C. The Arbitration Award
Accordingly, by the time of the hearing and post-hearing decision, the arbitrator had already dismissed, or denied requests to add, all of Jenks' ERISA-related claims. To recap, she dismissed the sixth cause of action (for failure to provide plan documents) on statute of limitations grounds. She dismissed the seventh cause of action (for a declaration of rights under the Standard long-term disability plan), ultimately basing her decision on the failure to allege exhaustion of administrative remedies. She dismissed the eighth cause of action (a state law claim for breach of duty of good faith and fair dealing relating to the Standard long-term disability plan) on the ground that it was preempted by ERISA. She refused to allow Jenks to add the ninth cause of action (an ERISA claim for "make whole relief" and "equitable surcharge" based on the 2005 UNUM long-term disability plan) on the ground the claim was untimely, would submit DLA Piper to additional discovery, and would unfairly delay the proceedings. And the arbitrator refused to allow Jenks to add the tenth cause of action (an ERISA claim for "make whole relief" and "equitable surcharge" based on the short-term disability policy), because she had previously ruled that this policy was not governed by ERISA.
In her final decision, the arbitrator awarded Jenks $93,635.67 based on his state law claims, on the theory that DLA Piper had shortchanged him on his short-term disability benefits, albeit not in bad faith. See Docket No. 1-1, Award of Arbitrator at 9. In addition, even though she had already ruled with respect to all existing and proposed ERISA-related causes of action, the arbitrator discussed ERISA in her final decision, noting she had given Jenks "general flexibility to conform his claims to proof." Id. at ¶ 7(a). She reiterated that the sixth cause of action for plan documents was time-barred. She then entertained arguments made by Jenks (but apparently never included in his first amended complaint or offered as an addition to the first amended complaint) that DLA Piper breached a fiduciary duty relating to the 2005 UNUM long-term disability plan. She rejected the fiduciary duty arguments relating to the UNUM plan, concluding as follows:
ERISA is the legal basis for the fiduciary duty here. Unlike in the case of the STD Plan discussed above, the duty does in fact exist with regard to the LTD Plan. Nevertheless, any "loss" that ClaimantId. at ¶ 7(b).

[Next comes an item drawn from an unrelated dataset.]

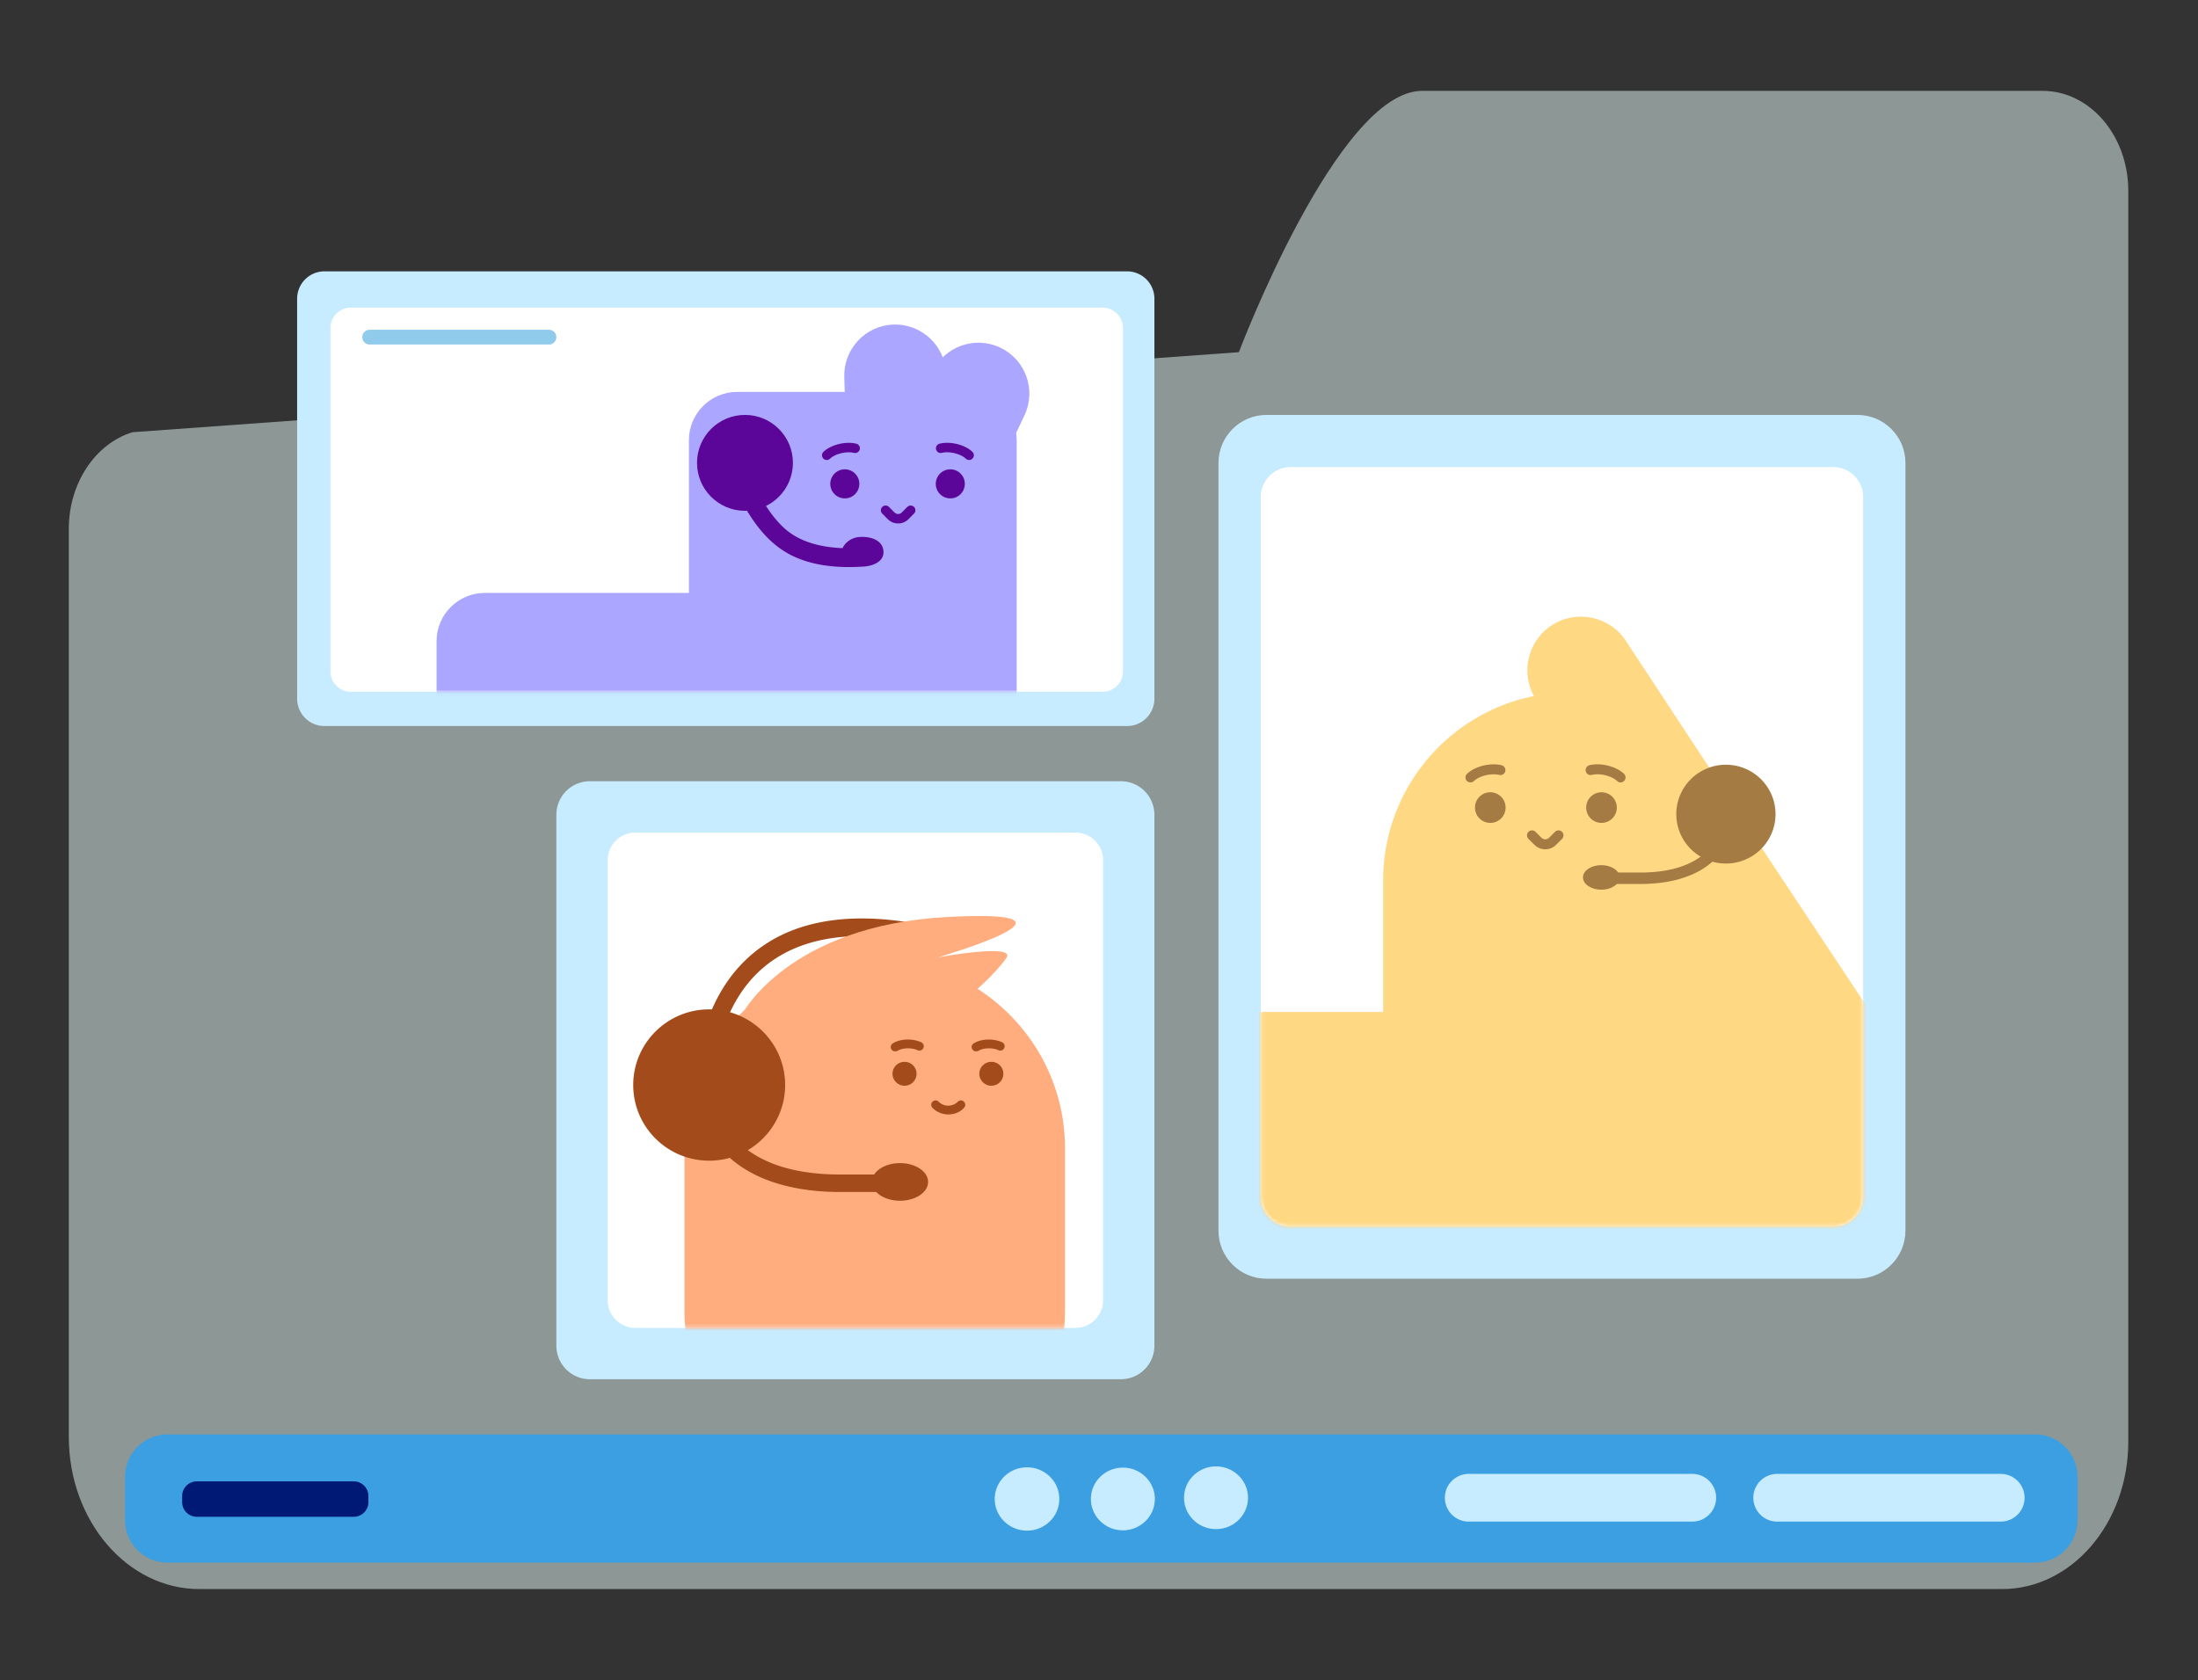<svg xmlns="http://www.w3.org/2000/svg" width="607" height="464" fill="none"><rect width="100%" height="100%" fill="#333333" stroke="none"/><g clip-path="url(#a)"><path fill="#E1F4F0" d="M342.125 97.268s27.26-72.173 50.59-72.173h171.36c13.075 0 23.674 12.37 23.674 27.627v345.47c0 22.471-15.613 40.685-34.869 40.685H55.054c-19.91 0-36.055-18.839-36.055-42.071V146.065c0-12.507 7.202-23.456 17.555-26.688l305.571-22.11z" opacity=".52"/><path fill="#C7EBFF" d="M311.243 200.523H89.613a7.557 7.557 0 0 1-7.557-7.557V82.497a7.557 7.557 0 0 1 7.557-7.557h221.63a7.557 7.557 0 0 1 7.557 7.558v110.468c.006 4.171-3.38 7.557-7.557 7.557z"/><path fill="#fff" d="M304.482 84.955H96.907a5.643 5.643 0 0 0-5.644 5.644v94.832a5.644 5.644 0 0 0 5.644 5.644h207.575a5.644 5.644 0 0 0 5.644-5.644V90.598a5.644 5.644 0 0 0-5.644-5.643z"/><mask id="b" width="220" height="108" x="91" y="84" maskUnits="userSpaceOnUse" style="mask-type:alpha"><path fill="#000" d="M304.482 84.955H96.907a5.643 5.643 0 0 0-5.644 5.644v94.832a5.644 5.644 0 0 0 5.644 5.644h207.575a5.644 5.644 0 0 0 5.644-5.644V90.598a5.644 5.644 0 0 0-5.644-5.643z"/></mask><g mask="url(#b)"><path fill="#ABA6FF" d="M267.459 108.239h-63.882c-7.357 0-13.327 5.965-13.327 13.327v42.197h-56.36c-7.362 0-13.326 5.964-13.326 13.326v49.279H67.183c-7.362 0-13.327 5.964-13.327 13.326v63.883c0 7.362 5.965 13.327 13.327 13.327h63.883c.481 0 .939-.092 1.409-.144.47.052.928.144 1.409.144h63.883c.997 0 1.965-.127 2.899-.339.934.207 1.902.339 2.899.339h63.883c7.362 0 13.326-5.965 13.326-13.327V121.566c.012-7.362-5.952-13.327-13.315-13.327z"/><path fill="#ABA6FF" d="m257.502 102.693-23.096 48.746c-3.323 7.018-.332 15.4 6.687 18.724 7.018 3.323 15.4.332 18.723-6.687l23.095-48.745c3.324-7.019.333-15.4-6.686-18.724-7.018-3.323-15.4-.327-18.723 6.686z"/><path fill="#ABA6FF" d="m233.157 104.114 1.605 53.914c.229 7.763 6.709 13.865 14.472 13.636 7.763-.229 13.865-6.709 13.636-14.473l-1.604-53.913c-.229-7.763-6.709-13.865-14.473-13.636-7.763.235-13.865 6.715-13.636 14.472z"/><path fill="#5B0599" d="M237.306 133.884a4.009 4.009 0 0 1-4.252 3.753 4.008 4.008 0 0 1-3.752-4.251 4.007 4.007 0 0 1 4.251-3.753 4.012 4.012 0 0 1 3.753 4.251zm-8.996-8.148c.854-.819 2.264-1.529 3.937-1.89 1.455-.315 2.836-.304 3.907-.035"/><path fill="#5B0599" d="M228.31 127.043a1.28 1.28 0 0 1-.939-.401 1.31 1.31 0 0 1 .034-1.845c1.06-1.019 2.722-1.827 4.566-2.228 1.599-.344 3.197-.35 4.504-.023a1.306 1.306 0 1 1-.642 2.532c-.911-.229-2.12-.212-3.311.046-1.358.292-2.596.877-3.306 1.558a1.317 1.317 0 0 1-.906.361zm39.321-1.307c-.854-.819-2.263-1.529-3.936-1.89-1.455-.315-2.836-.304-3.907-.035"/><path fill="#5B0599" d="M267.631 127.043c-.326 0-.653-.12-.905-.367-.711-.681-1.942-1.26-3.306-1.558-1.197-.258-2.401-.275-3.312-.046a1.306 1.306 0 1 1-.641-2.532c1.306-.327 2.905-.321 4.503.023 1.839.395 3.506 1.209 4.566 2.228.522.499.539 1.33.035 1.845a1.274 1.274 0 0 1-.94.407zm-1.192 6.841a4.01 4.01 0 1 1-3.752-4.251 4.007 4.007 0 0 1 3.752 4.251zm-18.408 10.685a3.997 3.997 0 0 1-2.848-1.18l-1.541-1.542a1.304 1.304 0 1 1 1.845-1.844l1.541 1.541c.55.55 1.45.55 2 0l1.541-1.541a1.304 1.304 0 1 1 1.845 1.844l-1.541 1.542a3.964 3.964 0 0 1-2.842 1.18z"/></g><path fill="#5B0599" d="M205.731 141.075c7.312 0 13.24-5.928 13.24-13.241 0-7.312-5.928-13.24-13.24-13.24-7.313 0-13.241 5.928-13.241 13.24 0 7.313 5.928 13.241 13.241 13.241z"/><path fill="#5B0599" d="M206.481 126.396c.338 3.655 1.53 7.047 3.255 10.273 1.713 3.203 3.896 6.405 6.537 8.915 4.893 4.646 11.917 5.849 18.489 5.855.888 0 1.736-.023 2.624-.074a43.61 43.61 0 0 0 1.438-.103c.046-.006.59-.058.355-.041-.092.041-.069.029.08-.028.178-.08.172-.069-.011.051.045.029.086 2.493.2 2.441.098-.046-.303-.063-.286-.063-.453-.011-.911-.172-1.364-.132-.109.012-.372.04-.338.04-.453.046-.183.161-.063.023.292-.321 0-.005-.029.069.086-.258.081-1.117.241-.493.344 1.358-.859 2.773-2.154 2.98-1.49.24-2.63-.791-2.979-2.155-.728-2.853 1.856-5.282 4.491-5.603 2.613-.321 6.406.39 6.956 3.461.578 3.242-2.836 4.509-5.386 4.663-2.303.144-4.618.189-6.921.063-4.503-.252-9.115-1.163-13.155-3.22-4.663-2.377-8.124-6.084-10.994-10.416-3.134-4.721-5.592-9.974-6.119-15.675-.126-1.398.704-2.745 2.154-2.979 1.318-.218 2.853.744 2.979 2.148z"/><path fill="#91CBEC" d="M151.6 95.153h-49.554a2.04 2.04 0 0 1 0-4.079H151.6a2.04 2.04 0 0 1 0 4.08z"/><path fill="#C7EBFF" d="M512.935 353.165H349.768c-7.334 0-13.275-5.941-13.275-13.275V127.869c0-7.334 5.941-13.275 13.275-13.275h163.167c7.333 0 13.275 5.941 13.275 13.275V339.89c0 7.334-5.942 13.275-13.275 13.275z"/><path fill="#fff" d="M506.249 128.997H356.454a8.294 8.294 0 0 0-8.296 8.296v193.178a8.294 8.294 0 0 0 8.296 8.296h149.795a8.294 8.294 0 0 0 8.296-8.296V137.287c0-4.577-3.713-8.29-8.296-8.29z"/><mask id="c" width="167" height="211" x="348" y="128" maskUnits="userSpaceOnUse" style="mask-type:alpha"><path fill="#000" d="M506.249 128.997H356.454a8.294 8.294 0 0 0-8.296 8.296v193.178a8.294 8.294 0 0 0 8.296 8.296h149.795a8.294 8.294 0 0 0 8.296-8.296V137.287c0-4.577-3.713-8.29-8.296-8.29z"/></mask><g mask="url(#c)"><path fill="#FFD884" d="m448.989 176.981 31.242 47.502c4.498 6.835 2.601 16.025-4.239 20.523-6.836 4.497-16.026 2.601-20.523-4.24l-31.242-47.502c-4.498-6.835-2.602-16.025 4.239-20.523 6.836-4.497 16.025-2.595 20.523 4.24z"/><path fill="#FFD884" d="M340.028 279.503h41.944v-36.342c0-28.693 23.262-51.948 51.949-51.948h24.103l64.742 97.663-.109.092a21.09 21.09 0 0 1 3.553 11.733v84.835c0 57.266-46.425 103.691-103.691 103.691-57.265 0-103.69-46.425-103.69-103.691v-84.829c0-11.711 9.493-21.204 21.199-21.204z"/><path fill="#A37B43" d="M438.052 223.303a4.226 4.226 0 0 0 4.48 3.959 4.226 4.226 0 0 0 3.959-4.48 4.225 4.225 0 0 0-4.48-3.959 4.225 4.225 0 0 0-3.959 4.48zm9.482-8.588c-.9-.865-2.389-1.616-4.148-1.994-1.536-.332-2.991-.321-4.12-.034"/><path fill="#A37B43" d="M447.534 216.09a1.377 1.377 0 0 0 .951-2.372c-1.117-1.072-2.871-1.931-4.813-2.349-1.684-.361-3.369-.373-4.744-.023a1.372 1.372 0 0 0-.997 1.673 1.372 1.372 0 0 0 1.673.997c.963-.241 2.235-.224 3.495.046 1.433.309 2.733.922 3.484 1.638.263.264.607.39.951.39zm-41.447-1.375c.9-.865 2.39-1.616 4.149-1.994 1.535-.332 2.99-.321 4.119-.034"/><path fill="#A37B43" d="M406.087 216.09c.344 0 .688-.126.952-.384.75-.716 2.051-1.329 3.483-1.639 1.26-.269 2.532-.286 3.495-.046a1.382 1.382 0 0 0 1.673-.996 1.383 1.383 0 0 0-.997-1.673c-1.375-.344-3.06-.338-4.744.022-1.942.419-3.695 1.272-4.813 2.35a1.37 1.37 0 0 0 .951 2.366zm1.255 7.213a4.226 4.226 0 0 0 4.48 3.959 4.227 4.227 0 1 0-.521-8.439 4.221 4.221 0 0 0-3.959 4.48zm19.4 11.258c1.134 0 2.2-.441 3.002-1.243l1.627-1.627a1.376 1.376 0 0 0 0-1.948 1.376 1.376 0 0 0-1.948 0l-1.627 1.627a1.492 1.492 0 0 1-2.108 0l-1.628-1.627a1.377 1.377 0 1 0-1.948 1.948l1.628 1.627a4.215 4.215 0 0 0 3.002 1.243zm49.886 3.936c-7.563 0-13.699-6.107-13.699-13.647 0-7.534 6.136-13.642 13.699-13.642 7.562 0 13.699 6.108 13.699 13.642s-6.125 13.647-13.699 13.647z"/><path fill="#A37B43" d="M443.959 244.141h9.046c6.996 0 16.49-1.467 22.07-8.445 3.409-4.257 3.667-8.543 3.701-8.726.057-.871-.636-1.604-1.507-1.656a1.57 1.57 0 0 0-1.667 1.467c-.023.584-1.163 14.197-22.562 14.197h-9.053c-.871 0-1.587.705-1.587 1.576a1.56 1.56 0 0 0 1.559 1.587z"/><path fill="#A37B43" d="M442.217 245.722c-2.796 0-5.065-1.518-5.065-3.392 0-1.868 2.269-3.392 5.065-3.392 2.796 0 5.065 1.519 5.065 3.392 0 1.874-2.269 3.392-5.065 3.392z"/></g><path fill="#C7EBFF" d="M162.909 380.924h146.627a9.265 9.265 0 0 0 9.264-9.265V225.027a9.264 9.264 0 0 0-9.264-9.264H162.909a9.264 9.264 0 0 0-9.264 9.264v146.627c0 5.116 4.148 9.27 9.264 9.27z"/><path fill="#fff" d="M175.485 366.755H296.96a7.677 7.677 0 0 0 7.677-7.677V237.603a7.677 7.677 0 0 0-7.677-7.677H175.485a7.677 7.677 0 0 0-7.677 7.677v121.475c.006 4.239 3.438 7.677 7.677 7.677z"/><mask id="d" width="138" height="138" x="167" y="229" maskUnits="userSpaceOnUse" style="mask-type:alpha"><path fill="#000" d="M175.485 366.755H296.96a7.677 7.677 0 0 0 7.677-7.677V237.603a7.677 7.677 0 0 0-7.677-7.677H175.485a7.677 7.677 0 0 0-7.677 7.677v121.475c.006 4.239 3.438 7.677 7.677 7.677z"/></mask><g mask="url(#d)"><path fill="#FFAD7F" d="M241.562 264.8c-29.019 0-52.544 23.427-52.544 52.338v44.775c0 5.437.854 10.714 2.384 15.658 14.638 8.577 31.689 13.527 49.908 13.527 18.472 0 35.729-5.076 50.488-13.853a51.953 51.953 0 0 0 2.309-15.298v-44.809c-.006-28.899-23.531-52.338-52.545-52.338z"/><path fill="#A34B1A" d="M249.795 299.864a3.314 3.314 0 0 0 3.318-3.306 3.296 3.296 0 0 0-3.318-3.294c-1.827 0-3.317 1.478-3.317 3.294a3.321 3.321 0 0 0 3.317 3.306z"/><path fill="#231F20" d="M247.177 289.15c.854-.516 2.103-.842 3.512-.842 1.215 0 2.344.24 3.151.647"/><path fill="#A34B1A" d="M247.177 290.364c-.407 0-.808-.206-1.008-.567a1.188 1.188 0 0 1 .407-1.65c1.048-.647 2.549-1.048 4.125-1.048 1.369 0 2.67.286 3.718.767.602.275.854 1.009.567 1.61-.286.602-1.008.843-1.61.568-.687-.327-1.661-.516-2.624-.516-1.128 0-2.177.241-2.876.687a1.7 1.7 0 0 1-.699.149z"/><path fill="#231F20" d="M269.522 289.15c.853-.516 2.102-.842 3.512-.842 1.214 0 2.343.24 3.151.647"/><path fill="#A34B1A" d="M269.522 290.364a1.16 1.16 0 0 1-1.009-.567c-.361-.567-.154-1.323.407-1.65 1.049-.647 2.55-1.048 4.125-1.048 1.37 0 2.67.286 3.719.767.601.275.853 1.009.567 1.61-.287.602-1.008.843-1.61.568-.688-.327-1.662-.516-2.618-.516-1.129 0-2.178.241-2.877.687a1.721 1.721 0 0 1-.704.149zm4.245 9.5c1.828 0 3.323-1.478 3.323-3.306s-1.478-3.294-3.323-3.294c-1.827 0-3.317 1.478-3.317 3.294-.006 1.816 1.49 3.306 3.317 3.306zm-11.883 7.929a6.149 6.149 0 0 1-4.365-1.816c-.482-.482-.482-1.249 0-1.696.481-.481 1.249-.481 1.696 0a3.756 3.756 0 0 0 5.294 0c.481-.481 1.249-.481 1.695 0 .482.481.482 1.249 0 1.696-1.123 1.26-2.744 1.816-4.32 1.816zm-66.036 12.772c11.579 0 20.975-9.357 20.975-20.901 0-11.533-9.391-20.89-20.975-20.89-11.58 0-20.976 9.357-20.976 20.89 0 11.544 9.385 20.901 20.976 20.901z"/><path fill="#A34B1A" d="M245.877 329.21h-13.854c-10.714 0-25.255-2.252-33.792-12.926-5.219-6.52-5.615-13.086-5.666-13.361-.086-1.335.974-2.452 2.309-2.538a2.4 2.4 0 0 1 2.549 2.252c.035.893 1.782 21.743 34.554 21.743h13.865a2.429 2.429 0 0 1 2.43 2.417c0 1.33-1.06 2.413-2.395 2.413z"/><path fill="#A34B1A" d="M248.547 331.627c4.279 0 7.757-2.32 7.757-5.196 0-2.865-3.478-5.197-7.757-5.197-4.28 0-7.758 2.321-7.758 5.197s3.478 5.196 7.758 5.196zm-53.673-31.998a2.429 2.429 0 0 1-2.43-2.418c0-.842.287-21.262 15.561-33.941 10.634-8.812 25.702-11.59 44.821-8.21 1.335.241 2.177 1.49 1.983 2.813-.241 1.335-1.49 2.177-2.825 1.971-17.618-3.105-31.363-.722-40.868 7.133-13.544 11.236-13.819 30.079-13.819 30.269.006 1.289-1.088 2.383-2.423 2.383z"/><path fill="#FFAD7F" d="M205.06 279.903s12.771-24.316 56.618-26.648c43.847-2.331-2.67 11.15-2.67 11.15s21.743-3.994 18.919.154c-2.825 4.149-8.852 9.345-8.852 9.345l-5.34-2.504s-25.341 8.457-44.254-.722l-14.421 9.225z"/></g><path fill="#3B9FE2" d="M562.018 431.577H46.248c-6.48 0-11.728-5.253-11.728-11.728v-11.957c0-6.48 5.253-11.728 11.728-11.728h515.77c6.48 0 11.728 5.254 11.728 11.728v11.957c0 6.475-5.248 11.728-11.728 11.728z"/><path fill="#001975" d="M97.709 418.91H54.332a4.03 4.03 0 0 1-4.028-4.028v-1.718a4.03 4.03 0 0 1 4.028-4.028h43.377a4.03 4.03 0 0 1 4.028 4.028v1.718a4.03 4.03 0 0 1-4.028 4.028z"/><path fill="#C7EBFF" d="M310.092 422.651c4.876 0 8.829-3.876 8.829-8.657 0-4.781-3.953-8.657-8.829-8.657-4.877 0-8.829 3.876-8.829 8.657 0 4.781 3.952 8.657 8.829 8.657zm25.724-.338c4.877 0 8.829-3.876 8.829-8.657 0-4.781-3.952-8.657-8.829-8.657-4.876 0-8.829 3.876-8.829 8.657 0 4.781 3.953 8.657 8.829 8.657zm-52.194.424c4.923 0 8.915-3.914 8.915-8.743 0-4.829-3.992-8.743-8.915-8.743-4.924 0-8.915 3.914-8.915 8.743 0 4.829 3.991 8.743 8.915 8.743zm268.903-2.492h-61.74a6.59 6.59 0 0 1-6.589-6.589 6.59 6.59 0 0 1 6.589-6.589h61.734a6.59 6.59 0 0 1 6.589 6.589 6.582 6.582 0 0 1-6.583 6.589zm-85.185 0h-61.734a6.59 6.59 0 0 1-6.589-6.589 6.59 6.59 0 0 1 6.589-6.589h61.734a6.59 6.59 0 0 1 6.589 6.589 6.59 6.59 0 0 1-6.589 6.589z"/></g><defs><clipPath id="a"><path fill="#fff" d="M0 0h606.742v463.971H0z"/></clipPath></defs></svg>

had as a result of breach of that fiduciary duty, if any such breach occurred, has already been fully compensated for as a result of my award in connection with the contract claims. The only loss suffered by Claimant as a result of the matters at issue in this action was an increase in emotional distress. An award of duplicative damages under different legal theories would be inappropriate and unfair. Thus, the question of whether or not there were specific breaches of the duty in question, in the absence of evidence of intentional behavior as is the case here, is totally moot. However, I will note that it is not at all clear from the evidence or the cited authorities that the employee behavior in question rose to the required level of bad faith necessary to support a finding that breaches of fiduciary duty occurred under ERISA. Therefore, any declaratory or injunctive relief, or other equitable or legal remedies, requested in connection with this claim are also denied.
Finally, the arbitrator entertained arguments made by Jenks (but also apparently never included in his first amended complaint or offered as an addition to the first amended complaint) that the arbitrator should remove ERISA fiduciaries. She ruled:
This request for relief is also included under the umbrella of claims based on the LTD Plan and assumes that a groundwork establishing a breach of fiduciary duty under ERISA has been laid. It has not. I find it necessary to note here that I made very clear from the beginning of this case that we would not be dealing with ERISA claims or consequently with the LTD Plan unless evidence related to such matters had bearing on other claims before me. I dismissed several causes of action on that basis in response to a Motion to Dismiss. Moreover, since I did permit Claimant the opportunity to conform to proof, I will add as a point of clarity that the evidence presented did not alter my viewpoint with regard to that earlier ruling and does not in my view adequately support a decision in Claimant's favor with regard to this sort of extreme relief. Moreover, to the extent that Claimant may be seeking this remedy on behalf of others who are not parties to this arbitration, the matter is not arbitrable in this proceeding. As with regard to the STD Plan, this does not mean that it might not be a proper issue for a different arbitration or that it might not be an issue that could be raised in a court of law by proper parties. This Award is made without prejudice to either of those possible actions. I make no ruling with regard to the merits of such claims with regard to other potential claimants/plaintiffs in a different action.Id. at ¶ 7(c).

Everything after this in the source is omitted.